Modulation by cellular cholesterol of gene transcription via the cyclic AMP response element

Abstract

The effect of rapid changes in cellular cholesterol content on adenosine 3′,5′-cyclic monophosphate (cAMP) response element-mediated gene transcription was investigated. The study was carried out in Chinese hamster ovary (CHO-K1) cells permanently expressing the human β 2-adrenoceptor. Gene transcription was quantified using a reporter gene (secreted placental alkaline phosphatase) under the transcriptional control of cAMP response element (CRE) sequences. Cellular cholesterol was reduced by 42% or elevated by 47% by incubating cells for 1 hr with methyl-β-cyclodextrin alone or methyl-β-cyclodextrin complexed with cholesterol, respectively. There was a significant negative correlation between the free cholesterol content of the cells and CRE-mediated gene expression in response to 10 −6 M isoprenaline (slope = −4.57 ± 0.73, P < 0.001), indicating that β 2-adrenoceptor-mediated activation of the CRE is inhibited by cholesterol.
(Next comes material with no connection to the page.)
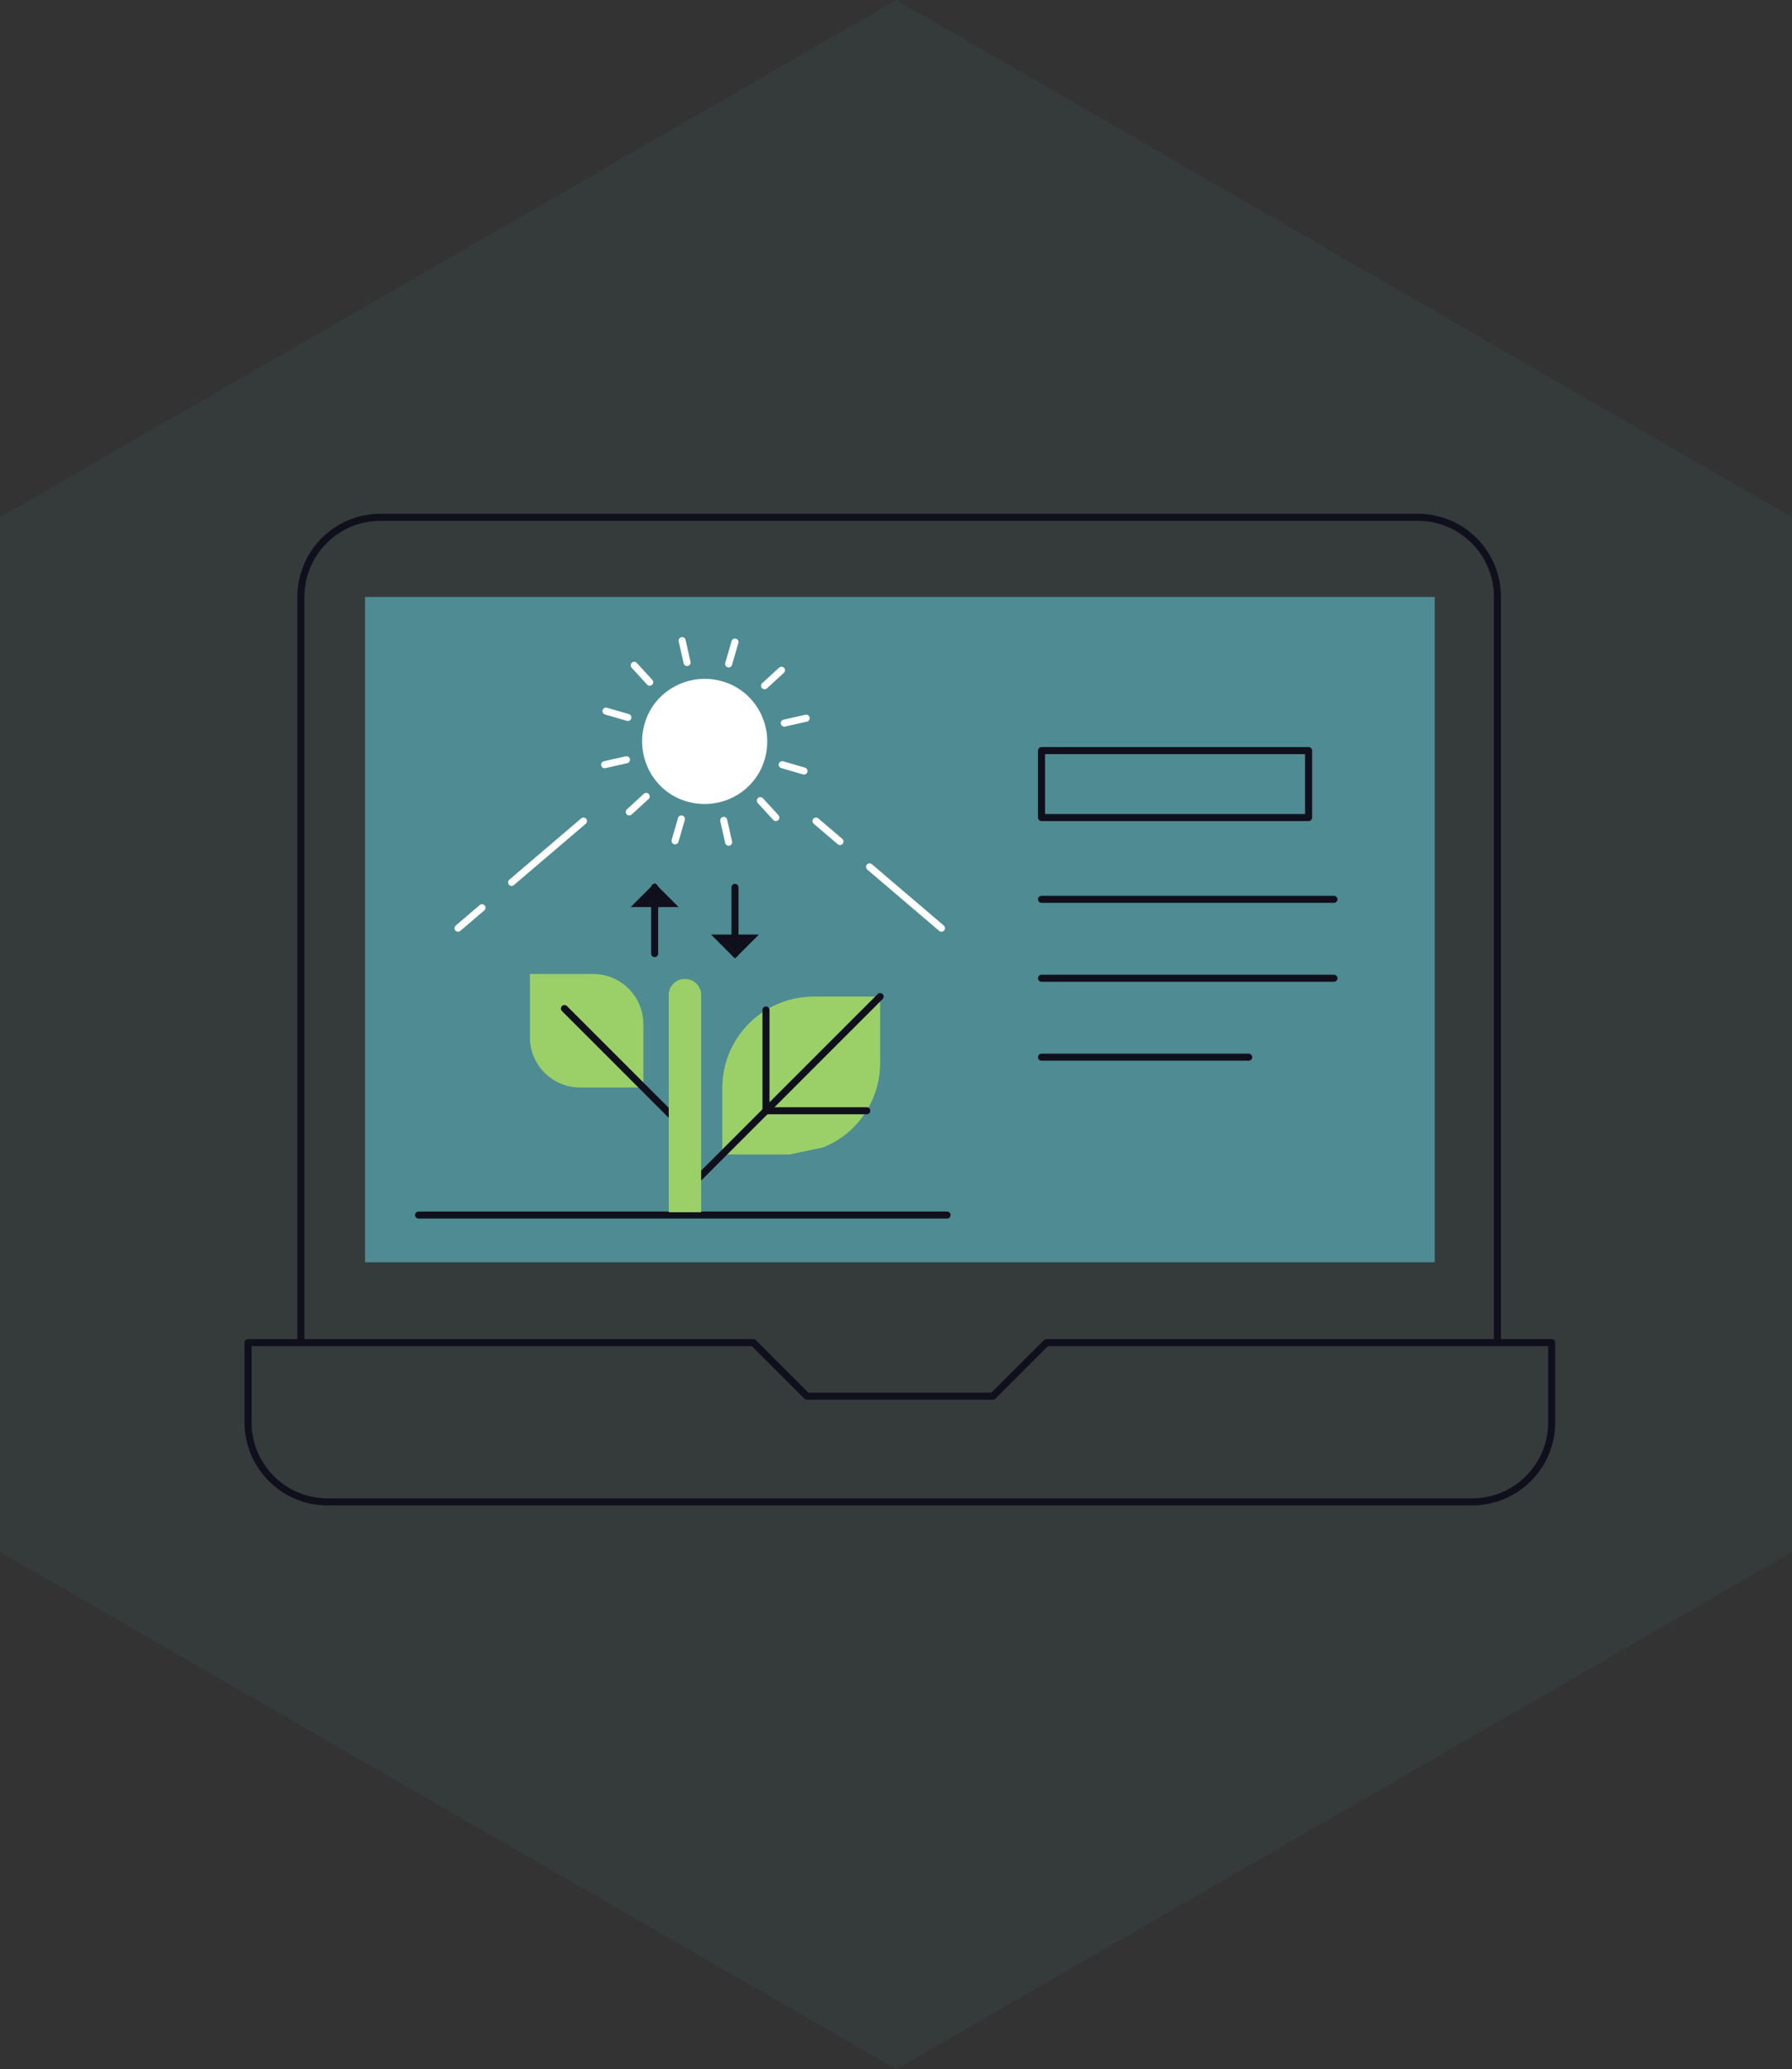 <?xml version="1.0" encoding="UTF-8"?><svg id="b" xmlns="http://www.w3.org/2000/svg" viewBox="0 0 25.43 29.36"><rect x="0" y="0" width="25.43" height="29.36" fill="#333333" stroke="none"/><defs><style>.bf{stroke-miterlimit:10;}.bf,.bg,.bh{fill:none;stroke-linecap:round;stroke-width:.1px;}.bf,.bh{stroke:#fff;}.bi{fill:#fff;}.bj,.bk{fill:#4f8b93;}.bg{stroke:#10101d;}.bg,.bh{stroke-linejoin:round;}.bl{fill:#10101d;}.bm{fill:#9bd069;}.bk{opacity:.09;}</style></defs><g id="c"><polygon class="bk" points="0 7.34 0 22.02 12.72 29.36 25.43 22.02 25.43 7.34 12.72 0 0 7.34"/><g id="d"><path id="e" class="bj" d="M5.18,8.47h15.18v9.44H5.18v-9.44Z"/><g id="f"><g id="g"><g id="h"><path id="i" class="bg" d="M20.88,21.31H4.65c-.63,0-1.13-.51-1.13-1.13v-1.13h7.17l.76.76h2.64l.76-.76h7.17v1.13c0,.63-.51,1.13-1.13,1.13Z"/></g><g id="j"><path id="k" class="bg" d="M4.27,19.04v-10.57c0-.63.51-1.13,1.13-1.13h14.72c.63,0,1.13.51,1.13,1.13v10.57"/></g></g></g></g><line class="bg" x1="14.78" y1="12.76" x2="18.93" y2="12.76"/><line class="bg" x1="14.78" y1="13.88" x2="18.93" y2="13.88"/><line class="bg" x1="14.78" y1="15" x2="17.72" y2="15"/><rect class="bg" x="14.78" y="10.65" width="3.79" height=".95"/><line class="bf" x1="12.34" y1="12.3" x2="13.36" y2="13.17"/><line class="bf" x1="11.58" y1="11.65" x2="11.92" y2="11.94"/><line class="bf" x1="7.26" y1="12.52" x2="8.28" y2="11.65"/><line class="bf" x1="6.5" y1="13.17" x2="6.84" y2="12.88"/><line class="bg" x1="5.94" y1="17.24" x2="13.44" y2="17.24"/><g id="l"><path id="m" class="bg" d="M10.43,12.59v.94"/></g><g id="n"><path id="o" class="bl" d="M10.77,13.26l-.34.34-.34-.34"/></g><g id="p"><path id="q" class="bg" d="M9.29,13.53v-.94"/></g><g id="r"><path id="s" class="bl" d="M8.95,12.87l.34-.34.34.34"/></g><g id="t"><g id="u"><g id="v"><g id="w"><path id="x" class="bi" d="M10.85,10.78c-.14.47-.64.73-1.11.59s-.73-.64-.59-1.11.64-.73,1.11-.59.73.64.59,1.11"/></g><g id="y"><path id="z" class="bh" d="M10.34,9.42l.09-.31"/></g><g id="aa"><path id="ab" class="bh" d="M9.67,11.62l-.09.31"/></g><g id="ac"><path id="ad" class="bh" d="M11.1,10.85l.31.09"/></g><g id="ae"><path id="af" class="bh" d="M8.91,10.18l-.31-.09"/></g><g id="ag"><path id="ah" class="bh" d="M9.75,9.4l-.07-.31"/></g><g id="ai"><path id="aj" class="bh" d="M10.27,11.64l.07.31"/></g><g id="ak"><path id="al" class="bh" d="M11.13,10.26l.31-.07"/></g><g id="am"><path id="an" class="bh" d="M8.89,10.78l-.31.07"/></g><g id="ao"><path id="ap" class="bh" d="M9.22,9.68l-.22-.24"/></g><g id="aq"><path id="ar" class="bh" d="M10.79,11.36l.22.24"/></g><g id="as"><path id="at" class="bh" d="M10.85,9.73l.24-.22"/></g><g id="au"><path id="av" class="bh" d="M9.17,11.3l-.24.22"/></g></g></g></g><g id="aw"><path id="ax" class="bm" d="M11.68,16.28c.48-.19.81-.66.81-1.2v-.94h-.94c-.72,0-1.3.58-1.3,1.3v.94h.94s.01,0,.02,0"/></g><g id="ay"><path id="az" class="bm" d="M9.13,15.43v-.9c0-.39-.32-.71-.71-.71h-.9v.9c0,.39.32.71.71.71h.9Z"/></g><path id="ba" class="bg" d="M12.49,14.14l-2.58,2.58"/><path id="bb" class="bg" d="M10.87,14.33v1.43h1.43"/><path id="bc" class="bg" d="M8.01,14.31l1.59,1.59"/><g id="bd"><path id="be" class="bm" d="M9.49,17.2v-3.08c0-.13.1-.23.23-.23s.23.1.23.23v3.08h-.47Z"/></g></g></svg>

Cyclic AMP accumulation in response to isoprenaline (10 −12 to 10 −5 M) was also inhibited in cholesterol-enriched cells and enhanced in cholesterol-depleted cells compared to controls ( P < 0.05, two-way ANOVA). Cholesterol also inhibited serum-mediated enhancement of CRE-driven gene expression, and we present data suggesting that the pathway activated by serum and inhibited by cholesterol could be independent of adrenoceptor activation and protein kinase A. We conclude that in CHO-K1 cells cholesterol inhibits at least two processes that can stimulate CRE-mediated gene expression. One is isoprenaline activation of cAMP synthesis, the other is activated by serum. These findings demonstrate that activation of gene transcription by extracellular stimuli could be influenced by cellular cholesterol content.